Serge Joncour publie “L’Écrivain national”, son treizième roman. Rebecca Manzoni rencontre l'auteur de "L'Idole" et "L'Amour sans le faire". Secret, il dévoile ici beaucoup d’humour et de profondeur sous son immense carrure de colosse maladroit.

L'écrivain Serge Joncour
L'écrivain Serge Joncour © AFP / Joël Saget

Un peu perdu chez lui, Serge Joncour ne sait pas trop où s’asseoir pour répondre aux questions. Il propose timidement une Ricoré à Rebecca Manzoni et s’inquiète lorsqu’il voit qu’elle ne l'a pas fini.

Serge Joncour, l’écrivain qui ne cherchait pas sa place

“La place de l’écrivain, c’est de ne pas être à sa place." Cette phrase résume Serge Joncour. L'écrivain s’est toujours senti “marginal”, “mal à l’aise même chez lui”. Pourtant, parfois, dans l’écriture, il y a ces moments rares, “d’oubli total, de l’ordre du rêve”. Exceptés ces moments, il n’est pas un écrivain du premier jet. “Même pour écrire à EDF”, il fait “des brouillons avant”. Il travaille cinquante versions d’un même texte. Il écrit trop pour “desécrire”. D’origine “rustique”, Serge Joncour aime viscéralement la campagne mais avoue ne pas pouvoir écrire à la campagne. Encore et toujours, de la difficulté à trouver sa place.

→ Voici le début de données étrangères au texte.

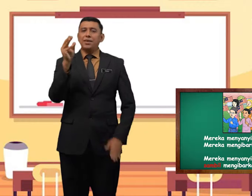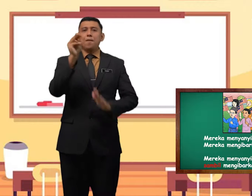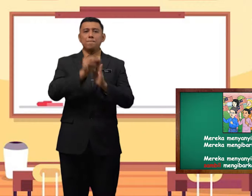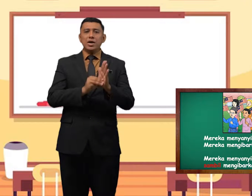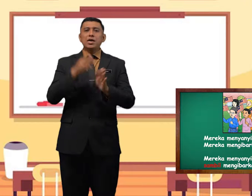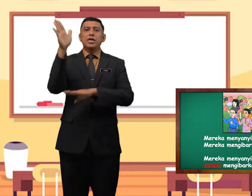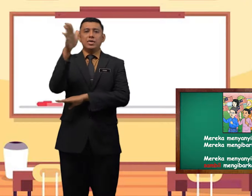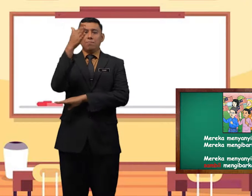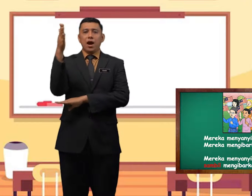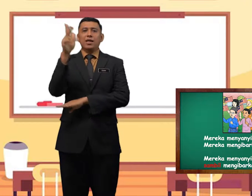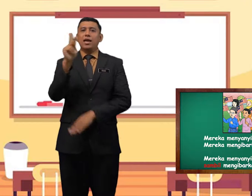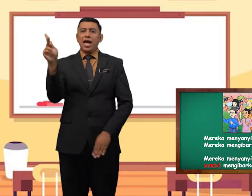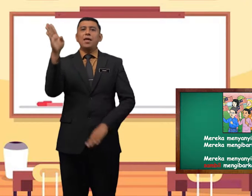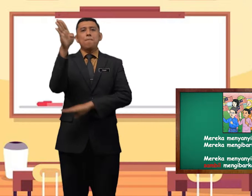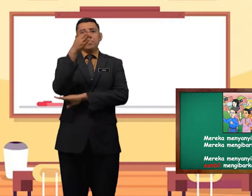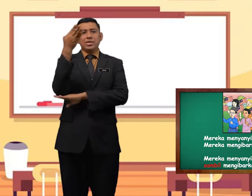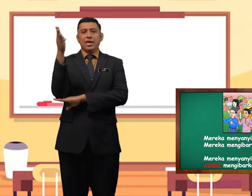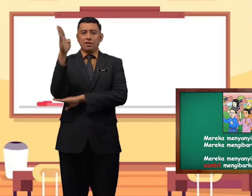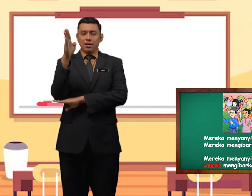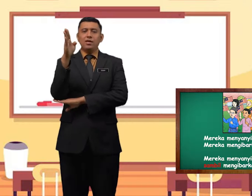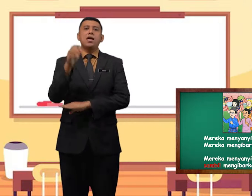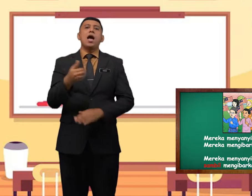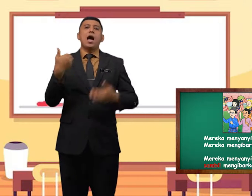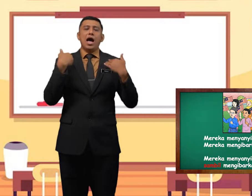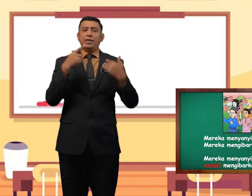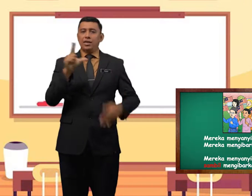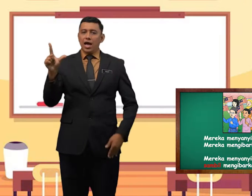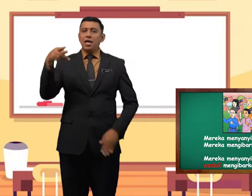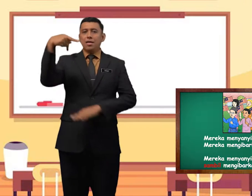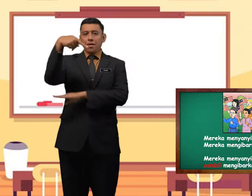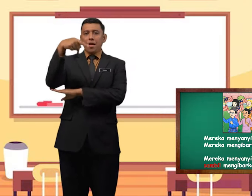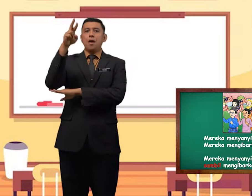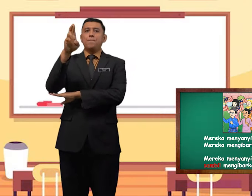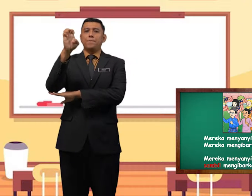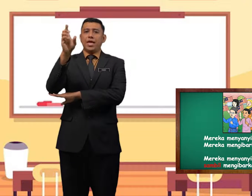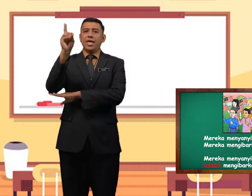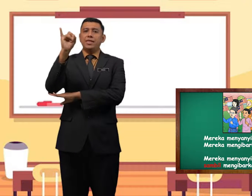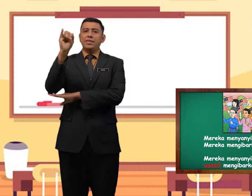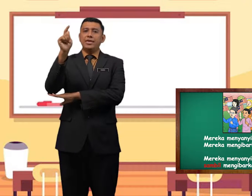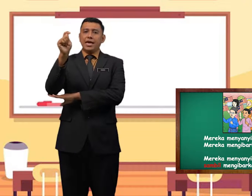menibarkan bendera adalah predikat.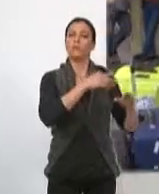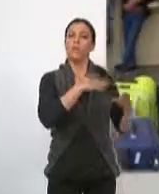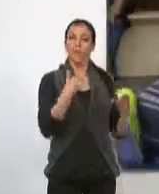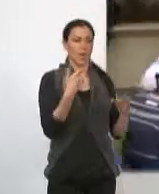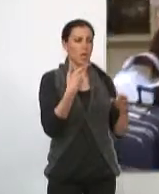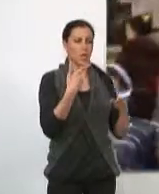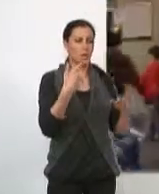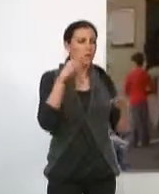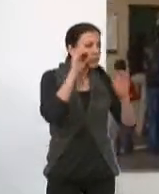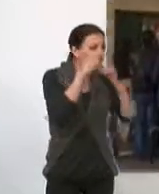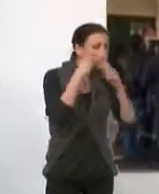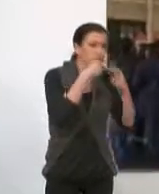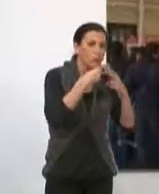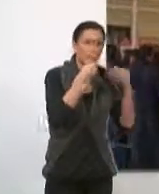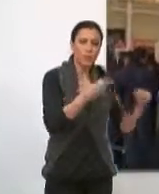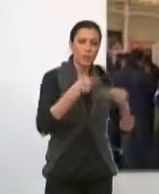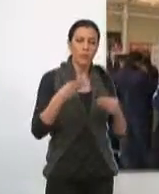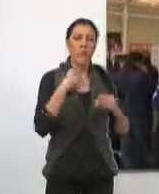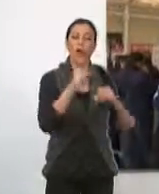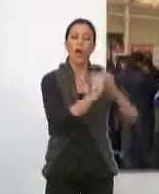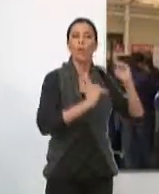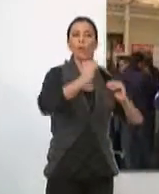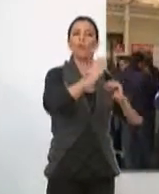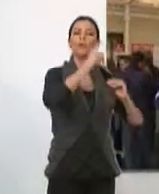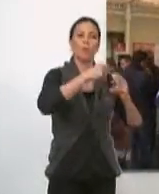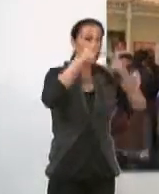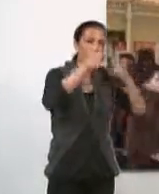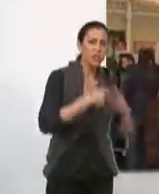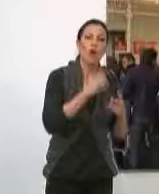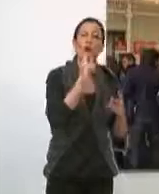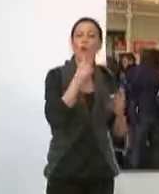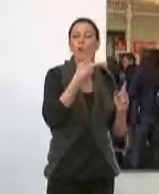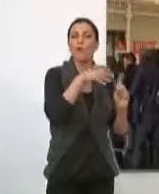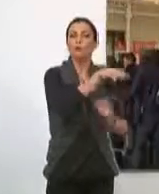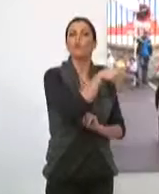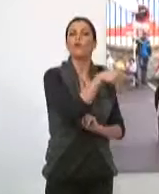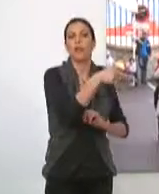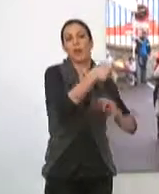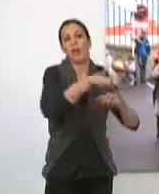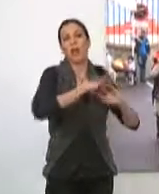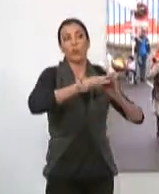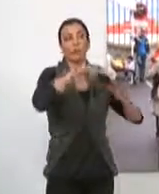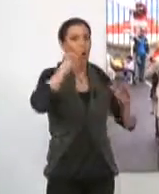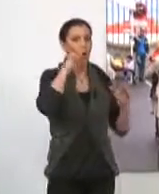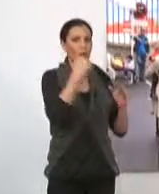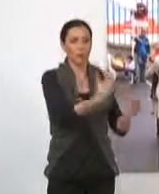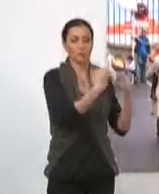observatorio para seguir cerca la evolución de la conexión y analizar su repercusión en la rentabilidad del puerto de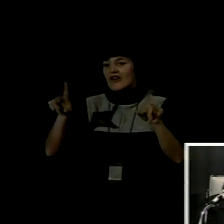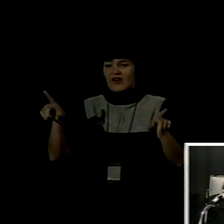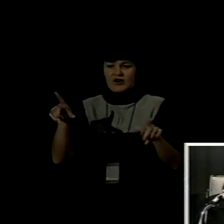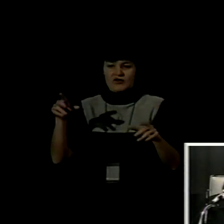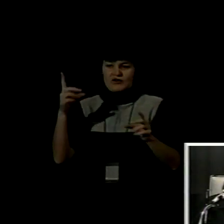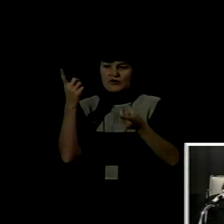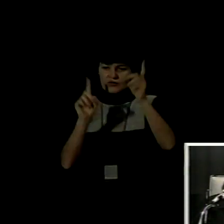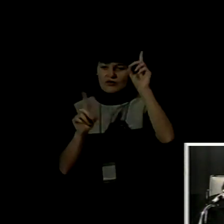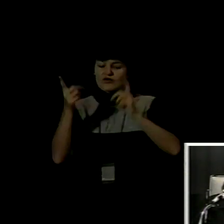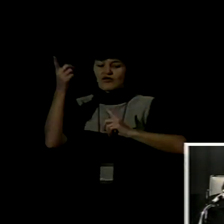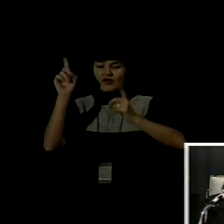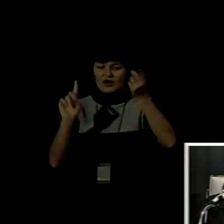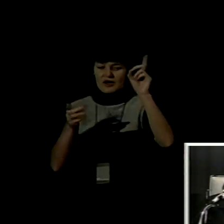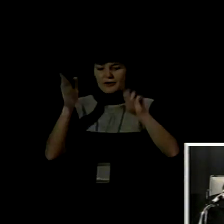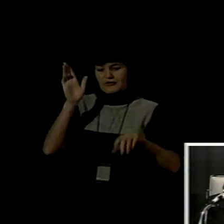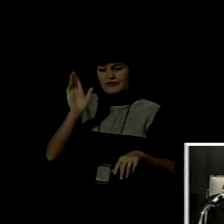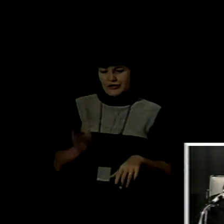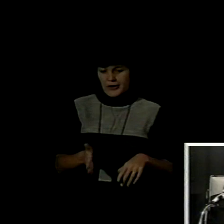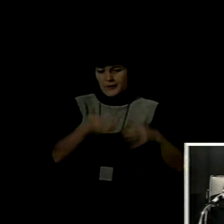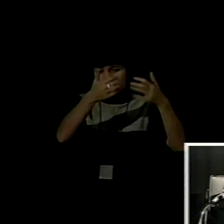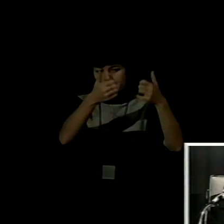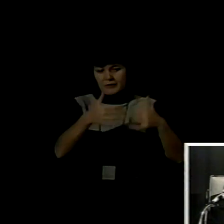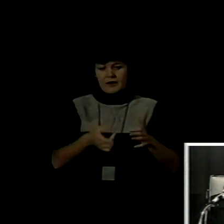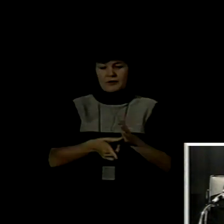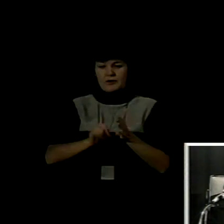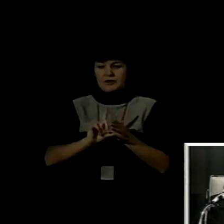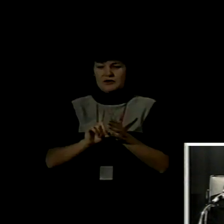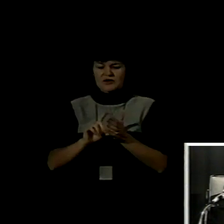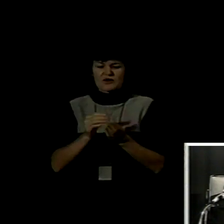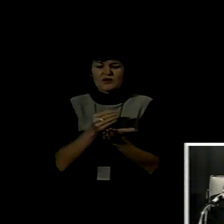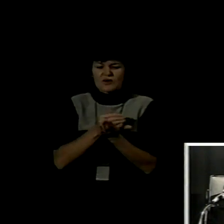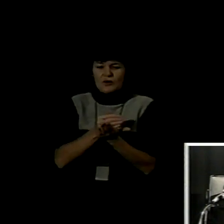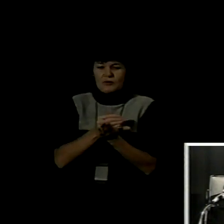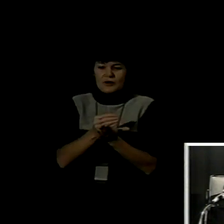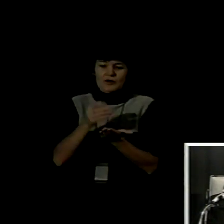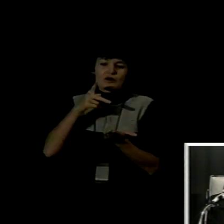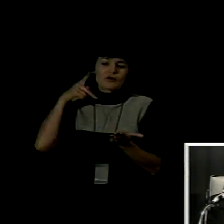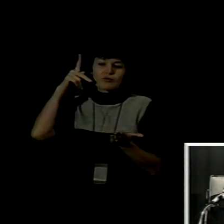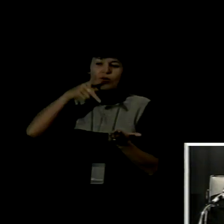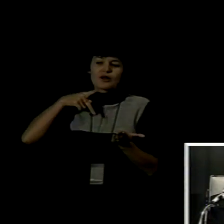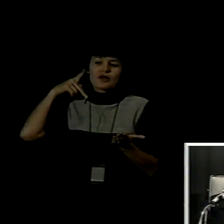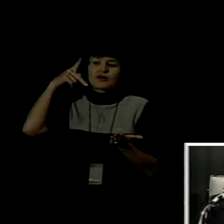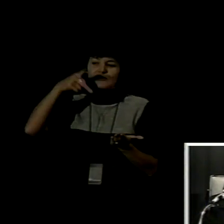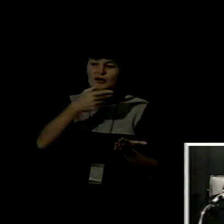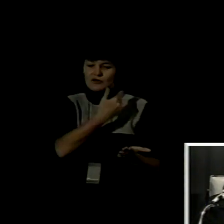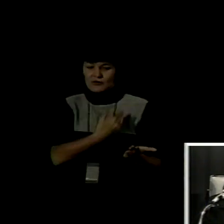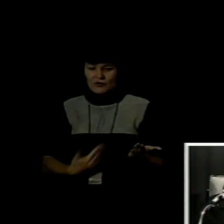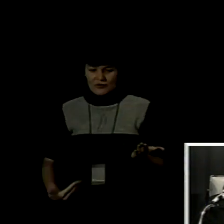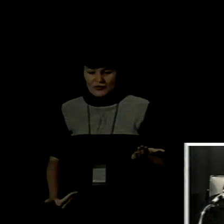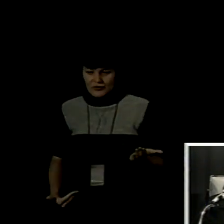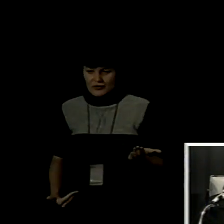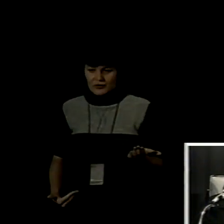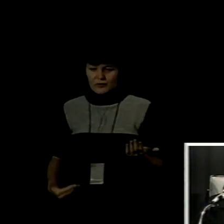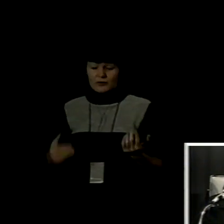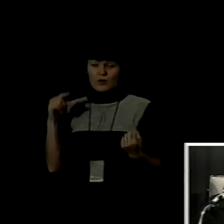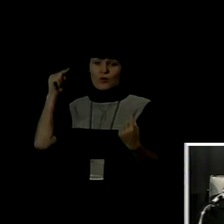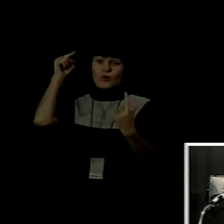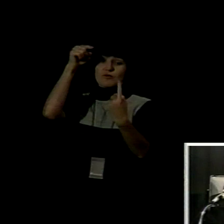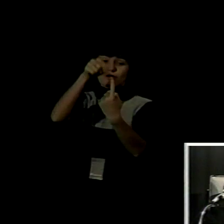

Rebecca Manzoni fait parler Serge Joncour, colosse timide

Quand j’ai rencontré Serge Joncour en août 2012, il se mettait à l’écriture du roman qui sort à la fin de ce mois–ci. Le titre : L'écrivain national. C'est comme ça que le maire de la petite ville où il est en résidence d'écriture surnomme le personnage principal du roman. Ce personnage se prénomme Serge lui aussi et enquête sur un meurtre qui a eu lieu dans le coin. Au sujet de ce livre, Serge Joncour a dit : « L'écrivain national, c'est la façon dont est présenté le personnage au début, avec un soupçon d'ironie. Parfois il y a des maires qui vous invitent et qui n'en ont pas vraiment envie. Ils préfèreraient un footballeur mais il faut faire plaisir aux maîtres d'école. Ce sera le prochain roman. » 

J’ai rencontré Serge Joncour chez lui mais il a laissé le nom d'un autre sur la porte d’entrée. J'ai poussé la porte, c’était ouvert. Il était en marcel et pantalon blancs. C'était l'été 2012. 

Sixième épisode de cette série d'EclectiK consacrée aux écrivains, c'est Serge Joncour.